Reporting breaking changes

Contributors who introduce a breaking change to a stable surface must:

  • Add a BREAKING CHANGE: trailer to the commit message describing the impact and any migration steps.
  • Apply the kind/breaking label to the pull request.

Reviewers will block merges to dev that touch a stable surface without these markers. If you are unsure whether a change is breaking, open the PR with the label and let review decide — better to over-label than ship a silent break.


Telemetry and error tracking

MemClaw supports optional Sentry integration for error tracking and performance monitoring:

  • Opt-in only — set the SENTRY_DSN environment variable to enable. No errors are reported unless you explicitly configure a DSN.
  • No usage analytics — MemClaw does not collect usage statistics, feature flags, or behavioral data.
  • No phone-home — the application makes zero outbound calls unless you configure a Sentry DSN or an LLM/embedding provider.

OpenClaw Plugin

See static/docs/integration-guide.md for full plugin setup, agent system prompts, and usage examples.


Rate limiting

Rate limiting in the OSS edition is a no-op — all rate-limit decorators are identity functions that accept every request without throttling. For production deployments exposed to the internet, add rate limiting at your reverse proxy (nginx, Caddy, Cloudflare) or implement application-level limiting in core-api/src/core_api/middleware/rate_limit.py.

Telemetry

MemClaw does not phone home by default. No usage data, analytics, or tracking of any kind.

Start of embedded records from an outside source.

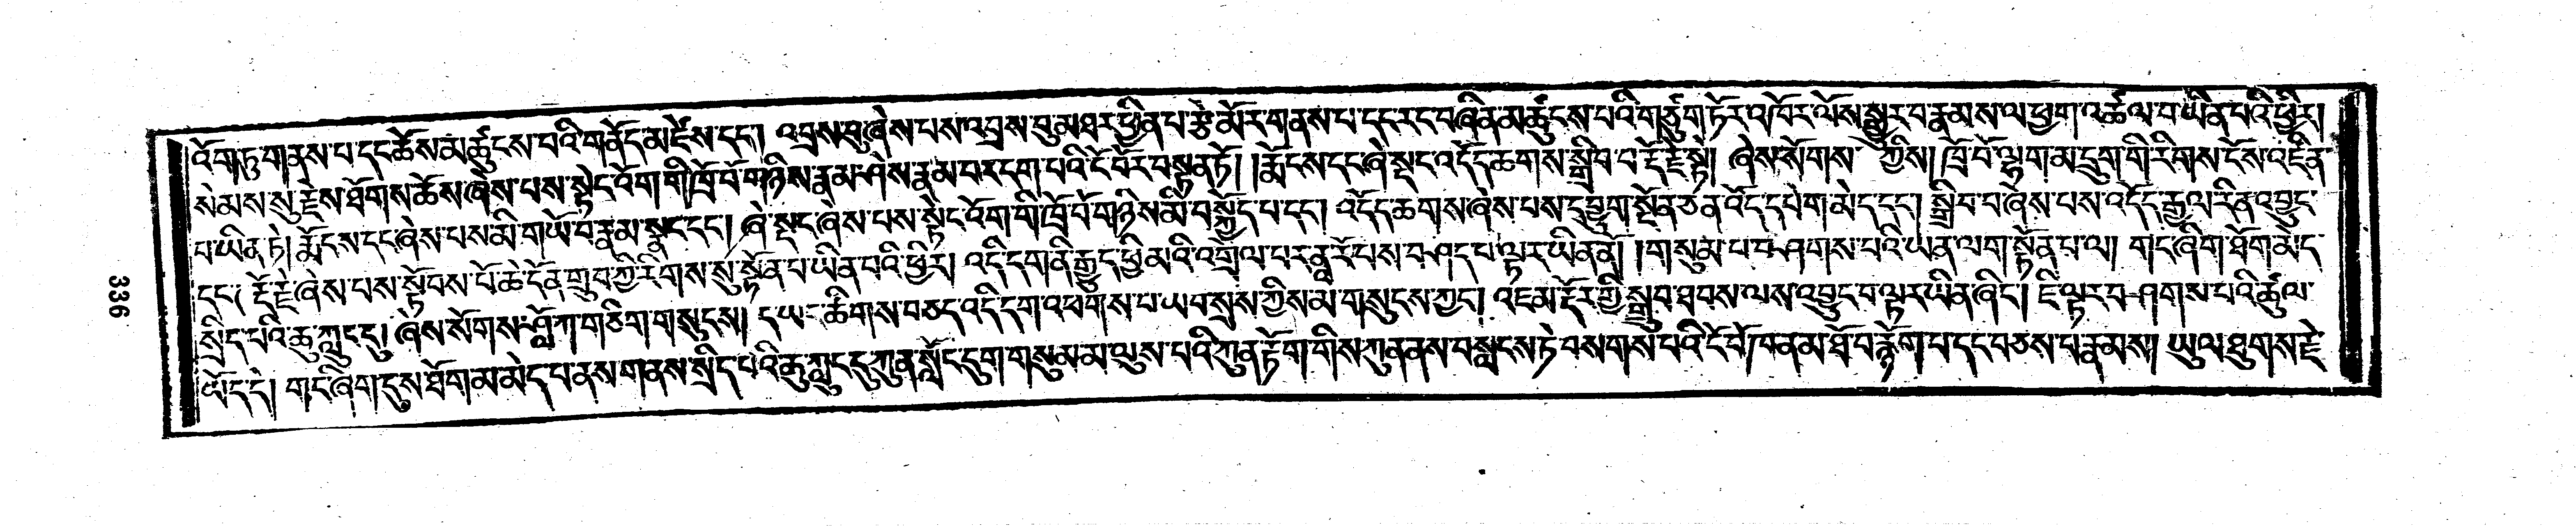འོག་ཏུ་གནས་བ་དང་ཆོས་མཚུངས་པའི་གནོད་མཛེས་དང་། འབྲས་བུ་ཞེས་པས་འབྲས་བུ་མཐར་ཕྱིན་པ་རྩེ་མོར་གནས་པ་དང་རང་བཞིན་མཚུངས་པའི་གཙུག་ཏོར་འཁོར་ལོས་སྒྱུར་བ་རྣམས་ལ་ཕྱག་འཚལ་བ་ཡིན་པའི་ཕྱིར།
སེམས་སུ་རྗེས་ཐོགས་ཆོས་ཞེས་པས་སྟེང་འོག་གི་ཁྲོ་བོ་གཉིས་རྣམ་ཤེས་རྣམ་པར་དག་པའི་ངོ་བོར་བསྟན་ཏོ། །རྨོངས་དང་ཞེ་སྡང་འདོད་ཆགས་སྒྲིབ་པ་རྡོ་རྗེ་སྟེ། ཞེས་སོགས་ཀྱིས། ཁྲོ་བོ་ལྷག་མ་དྲུག་གི་རིགས་ངོས་འཛིན་
པ་ཡིན་ཏེ། རྨོངས་དང་ཞེས་པས་མི་གཡོ་བ་རྣམ་སྣང་དང་། ཞེ་སྡང་ཞེས་པས་སྟེང་འོག་གི་ཁྲོ་བོ་གཉིས་མི་བསྐྱོད་པ་དང་། འདོད་ཆགས་ཞེས་པས་དབྱུག་སྔོན་ཅན་འོད་དཔག་མེད་དང་། སྒྲིབ་པ་ཞེས་པས་འདོད་རྒྱལ་རིན་འབྱུང་
དང༑ རྡོ་རྗེ་ཞེས་པས་སྟོབས་པོ་ཆེ་དོན་གྲུབ་ཀྱི་རིགས་སུ་སྟོན་པ་ཡིན་པའི་ཕྱིར། འདི་དག་ནི་རྒྱུད་ཕྱི་མའི་འགྲེལ་པར་ནཱ་རོ་པས་བཤད་པ་ལྟར་ཡིན་ནོ། །གསུམ་པ་བཤགས་པའི་ཡན་ལག་སྟོན་པ་ལ། གང་ཞིག་ཐོག་མེད་
སྲིད་པའི་ཆུ་ཀླུང་དུ། ཞེས་སོགས་ཤློ་ཀ་གཅིག་གསུངས། དེ་ཡང་ཚིགས་བཅད་འདི་དག་འཕགས་པ་ཡབ་སྲས་ཀྱིས་མ་གསུངས་ཀྱང་། འཇམ་རྡོར་གྱི་སྒྲུབ་ཐབས་ལས་འབྱུང་བ་ལྟར་ཡིན་ཞིང་། ཇི་ལྟར་བཤགས་པའི་ཚུལ་
ཡོད་དེ། གང་ཞིག་དུས་ཐོག་མ་མེད་པ་ནས་གནས་སྲིད་པའི་ཆུ་ཀླུང་དུ་ཀུན་སློང་དུག་གསུམ་མ་ལུས་པའི་ཀུན་རྟོག་གིས་ཀུན་ནས་བསླངས་ཏེ་བསགས་པའི་ངོ་བོ་ཁོ་ན་མ་ཐོ་བ་རྙོག་པ་དང་བཅས་པ་རྣམས། ཡུལ་ཐུགས་རྗེ་

If you set the SENTRY_DSN environment variable, Sentry error tracking is enabled — crash reports and performance traces are sent to your configured Sentry project. When SENTRY_DSN is empty (the default), Sentry is not initialized and no data leaves the server.

Contributing

We welcome contributions! See CONTRIBUTING.md for guidelines, development setup, and how to submit PRs.


FAQ

What is MemClaw? MemClaw is open-source governed shared memory for AI agent fleets: cross-agent, cross-fleet recall with visibility scopes, trust tiers, keystone policies, audit trails, and tenant isolation enforced on every operation — plus self-improving retrieval through outcome-based learning.

How is MemClaw different from a vector database? MemClaw uses pgvector under the hood but is not a vector DB wrapper. On top of hybrid search it adds fleet orchestration, per-agent retrieval tuning, contradiction detection, an 8-status lifecycle, an auto-extracted knowledge graph, LLM enrichment on every write, row-level tenant isolation, and audit trails on every operation.

How is MemClaw different from Mem0 or Zep? Mem0 and Zep focus on memory for individual agents; accuracy benchmarks cluster all three tools in a narrow band. MemClaw is built for fleets: multiple agents across teams and vendors sharing one governed memory plane, with trust tiers, keystone policies, and cross-fleet permissions those tools don't address. See How MemClaw compares.

Does MemClaw work with Claude Desktop, Claude Code, Cursor, or Windsurf? Yes — MemClaw is MCP-native. Paste a JSON config with a URL and API key into any MCP client and 12 tools appear immediately.

Can agents from different vendors share memory? Yes — that's the point. An Anthropic agent recalls what an OpenAI agent wrote, under the same governance rules — with trust tiers and visibility scopes deciding what crosses fleet boundaries.

Is MemClaw really free? The full engine — storage, 12 MCP tools, plugin, audit trail — is Apache 2.0. Run it yourself forever. The managed platform at memclaw.net adds hosting, scaling, and enterprise governance for teams that don't want to operate infrastructure.

Who runs MemClaw in production? eToro (NASDAQ: ETOR) runs 300+ agents on MemClaw — 26,500+ memories, 1,372 shared skills, 23 ms p50 search. Case study →


License

MemClaw is licensed under the Apache License, Version 2.0.

See NOTICE for copyright and third-party attributions.

Trademarks

"MemClaw" and "Caura" are trademarks of Caura. The Apache License 2.0 grants permission to use the source code but does not grant permission to use these names, logos, or branding in a way that suggests endorsement of, or affiliation with, any derivative work. See Apache License 2.0 §6 for the full legal terms.